* **TASK BRIEF**: Using the records below, repeat exactly the lines from the one holding "Este tema, la" through the one holding "además tenemos cinco", both ends included, and no others.
Start of GIVEN DATA
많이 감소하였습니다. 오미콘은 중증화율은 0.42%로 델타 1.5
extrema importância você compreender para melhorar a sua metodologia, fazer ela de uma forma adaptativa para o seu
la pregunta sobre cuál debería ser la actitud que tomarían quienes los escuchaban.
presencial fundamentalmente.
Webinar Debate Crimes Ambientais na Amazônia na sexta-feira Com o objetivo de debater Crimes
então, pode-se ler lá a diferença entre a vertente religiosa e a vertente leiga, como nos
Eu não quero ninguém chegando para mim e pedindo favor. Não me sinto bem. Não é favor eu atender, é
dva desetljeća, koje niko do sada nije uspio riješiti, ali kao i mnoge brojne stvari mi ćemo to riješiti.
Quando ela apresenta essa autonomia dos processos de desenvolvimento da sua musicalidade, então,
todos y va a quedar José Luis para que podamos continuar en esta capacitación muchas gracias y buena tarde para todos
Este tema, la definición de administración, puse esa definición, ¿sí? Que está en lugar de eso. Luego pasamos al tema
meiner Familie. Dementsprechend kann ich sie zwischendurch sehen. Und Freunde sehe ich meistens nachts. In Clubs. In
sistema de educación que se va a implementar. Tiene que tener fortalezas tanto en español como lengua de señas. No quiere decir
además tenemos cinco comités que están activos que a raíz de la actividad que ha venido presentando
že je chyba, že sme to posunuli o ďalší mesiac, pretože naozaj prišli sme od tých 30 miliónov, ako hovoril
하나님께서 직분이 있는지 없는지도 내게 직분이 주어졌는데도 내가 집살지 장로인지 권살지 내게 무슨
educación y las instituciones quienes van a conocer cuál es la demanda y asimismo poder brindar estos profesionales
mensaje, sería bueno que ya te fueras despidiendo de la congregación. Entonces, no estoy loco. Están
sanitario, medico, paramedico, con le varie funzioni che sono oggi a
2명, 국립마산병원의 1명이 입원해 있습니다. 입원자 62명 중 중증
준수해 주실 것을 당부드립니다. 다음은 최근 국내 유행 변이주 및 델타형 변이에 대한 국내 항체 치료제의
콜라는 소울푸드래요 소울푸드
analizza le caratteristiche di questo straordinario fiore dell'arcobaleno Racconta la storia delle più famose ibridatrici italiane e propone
End of GIVEN DATA
* **ANSWER BOX**:
Este tema, la definición de administración, puse esa definición, ¿sí? Que está en lugar de eso. Luego pasamos al tema
meiner Familie. Dementsprechend kann ich sie zwischendurch sehen. Und Freunde sehe ich meistens nachts. In Clubs. In
sistema de educación que se va a implementar. Tiene que tener fortalezas tanto en español como lengua de señas. No quiere decir
además tenemos cinco comités que están activos que a raíz de la actividad que ha venido presentando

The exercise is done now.